By the time I got to the last paragraph above, I was using the past tense as it is now Monday and we’ve successfully landed in the States. I tried to post from Singapore without success - mostly because my brains had turned to mashed potatoes and I didn’t think it was worth paying $18 for a connection when I couldn’t think straight and might screw it up anyway. So I napped. Singapore’s Changi Airport is probably our favourite airport in the world. It is comfortable and extremely well designed for long layovers. They actually have quiet places with lounger chairs and massage chairs where people can lay down and sleep awhile. We weren’t able to sleep enough to overcome the inevitable jet lag, but it took the edge off our weariness and made the flights following (3 hours to Hong Kong where everyone de-planed just long enough to go through massive security AGAIN then a 12 hour flight to San Francisco, then a 2 hour drive to where we’re staying, but who’s counting?) bearable.
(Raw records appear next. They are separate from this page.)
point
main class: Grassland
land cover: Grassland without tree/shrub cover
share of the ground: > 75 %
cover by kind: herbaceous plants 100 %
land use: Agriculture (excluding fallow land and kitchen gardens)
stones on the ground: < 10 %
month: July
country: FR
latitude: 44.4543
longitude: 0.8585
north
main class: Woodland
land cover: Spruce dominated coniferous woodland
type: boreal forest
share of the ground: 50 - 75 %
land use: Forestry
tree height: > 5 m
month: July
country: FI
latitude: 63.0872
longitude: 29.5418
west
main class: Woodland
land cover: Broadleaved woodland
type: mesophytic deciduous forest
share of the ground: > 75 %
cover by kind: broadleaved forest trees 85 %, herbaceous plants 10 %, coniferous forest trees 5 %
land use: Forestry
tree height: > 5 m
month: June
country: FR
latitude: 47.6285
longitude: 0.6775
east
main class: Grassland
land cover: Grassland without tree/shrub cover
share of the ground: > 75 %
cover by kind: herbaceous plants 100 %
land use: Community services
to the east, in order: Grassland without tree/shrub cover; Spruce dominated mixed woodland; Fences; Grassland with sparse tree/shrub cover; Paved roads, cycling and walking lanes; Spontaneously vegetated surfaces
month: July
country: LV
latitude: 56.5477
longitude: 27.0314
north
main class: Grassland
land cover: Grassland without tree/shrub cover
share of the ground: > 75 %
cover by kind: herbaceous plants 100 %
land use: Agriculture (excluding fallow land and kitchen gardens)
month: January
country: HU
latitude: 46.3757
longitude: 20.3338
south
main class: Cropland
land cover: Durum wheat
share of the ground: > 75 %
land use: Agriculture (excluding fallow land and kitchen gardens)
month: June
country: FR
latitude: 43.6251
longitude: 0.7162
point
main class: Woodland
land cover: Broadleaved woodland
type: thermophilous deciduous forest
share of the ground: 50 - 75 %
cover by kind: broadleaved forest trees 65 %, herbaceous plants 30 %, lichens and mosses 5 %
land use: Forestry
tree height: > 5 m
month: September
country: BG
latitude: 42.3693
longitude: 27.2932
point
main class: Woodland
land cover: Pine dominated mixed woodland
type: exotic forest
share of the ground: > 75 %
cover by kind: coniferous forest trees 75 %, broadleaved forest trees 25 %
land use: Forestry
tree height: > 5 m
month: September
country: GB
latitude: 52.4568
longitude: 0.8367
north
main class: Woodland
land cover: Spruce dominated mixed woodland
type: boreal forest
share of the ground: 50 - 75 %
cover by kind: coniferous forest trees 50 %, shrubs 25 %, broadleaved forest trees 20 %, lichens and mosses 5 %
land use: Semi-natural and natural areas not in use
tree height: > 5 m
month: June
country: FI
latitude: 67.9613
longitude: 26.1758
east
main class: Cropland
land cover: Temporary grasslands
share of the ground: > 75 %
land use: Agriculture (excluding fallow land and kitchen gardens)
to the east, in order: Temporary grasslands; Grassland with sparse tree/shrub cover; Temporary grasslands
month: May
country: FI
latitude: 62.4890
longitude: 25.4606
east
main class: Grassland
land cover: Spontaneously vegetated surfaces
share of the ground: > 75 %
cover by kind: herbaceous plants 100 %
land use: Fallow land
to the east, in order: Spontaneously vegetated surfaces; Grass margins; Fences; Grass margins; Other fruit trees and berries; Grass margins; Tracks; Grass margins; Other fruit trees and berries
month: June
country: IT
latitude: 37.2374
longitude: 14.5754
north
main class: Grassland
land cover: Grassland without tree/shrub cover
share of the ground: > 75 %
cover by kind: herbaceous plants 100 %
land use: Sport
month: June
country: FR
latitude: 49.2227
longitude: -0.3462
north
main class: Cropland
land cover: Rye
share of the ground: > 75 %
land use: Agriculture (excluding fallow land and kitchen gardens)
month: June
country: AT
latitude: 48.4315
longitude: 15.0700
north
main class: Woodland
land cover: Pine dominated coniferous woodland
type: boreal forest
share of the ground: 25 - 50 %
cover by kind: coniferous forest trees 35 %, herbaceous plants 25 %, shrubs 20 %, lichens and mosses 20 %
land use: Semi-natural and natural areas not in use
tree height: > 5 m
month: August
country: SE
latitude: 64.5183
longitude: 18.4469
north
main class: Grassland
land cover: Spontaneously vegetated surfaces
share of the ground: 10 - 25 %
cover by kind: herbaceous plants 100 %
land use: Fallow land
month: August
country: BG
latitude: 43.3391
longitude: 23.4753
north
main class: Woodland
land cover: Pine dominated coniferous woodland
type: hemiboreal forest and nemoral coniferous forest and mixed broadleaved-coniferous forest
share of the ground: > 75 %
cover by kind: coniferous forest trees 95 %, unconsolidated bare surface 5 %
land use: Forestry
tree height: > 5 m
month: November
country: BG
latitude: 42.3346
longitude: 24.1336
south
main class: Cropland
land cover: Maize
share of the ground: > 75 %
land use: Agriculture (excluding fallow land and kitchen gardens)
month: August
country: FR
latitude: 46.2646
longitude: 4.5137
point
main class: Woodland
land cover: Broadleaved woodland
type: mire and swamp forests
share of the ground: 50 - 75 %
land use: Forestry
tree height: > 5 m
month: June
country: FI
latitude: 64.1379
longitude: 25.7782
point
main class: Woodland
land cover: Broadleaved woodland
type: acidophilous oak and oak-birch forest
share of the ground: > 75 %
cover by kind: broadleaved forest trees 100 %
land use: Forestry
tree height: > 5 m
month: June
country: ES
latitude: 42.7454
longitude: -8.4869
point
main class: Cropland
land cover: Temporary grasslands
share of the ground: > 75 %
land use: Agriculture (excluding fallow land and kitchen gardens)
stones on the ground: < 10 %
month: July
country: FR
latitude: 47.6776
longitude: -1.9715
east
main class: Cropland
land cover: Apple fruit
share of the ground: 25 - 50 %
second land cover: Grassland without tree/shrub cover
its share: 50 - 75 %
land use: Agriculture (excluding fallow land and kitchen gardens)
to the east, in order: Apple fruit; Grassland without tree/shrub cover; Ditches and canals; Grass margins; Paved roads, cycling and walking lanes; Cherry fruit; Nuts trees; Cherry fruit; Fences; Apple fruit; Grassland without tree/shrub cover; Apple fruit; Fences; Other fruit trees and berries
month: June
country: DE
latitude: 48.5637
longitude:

Now we’re safely in Bolinas. It’s a great place
to make the transition after living in Tso Pema for the past months - quiet, small, isolated with the most remarkable view of the Pacific Ocean from our little guest room. I’ll try to write more about our adventures on the road - particularly the hilarious (could have been dangerous and not so funny) pileup on the moving sidewalk in Singapore where Rimpoche, Lena and I all ended up crashing and under various wheeled things and heaps of luggage on the floor. Since nobody got hurt, we’re still giggling like little kids about it. I seem to have figure out how to use the wireless here, but it’s glitchy. I’m about to post this and will start playing catch up some time tomorrow. But anyway, we’re more or less safely in the U.S. and trying to let our bodies figure out when we are.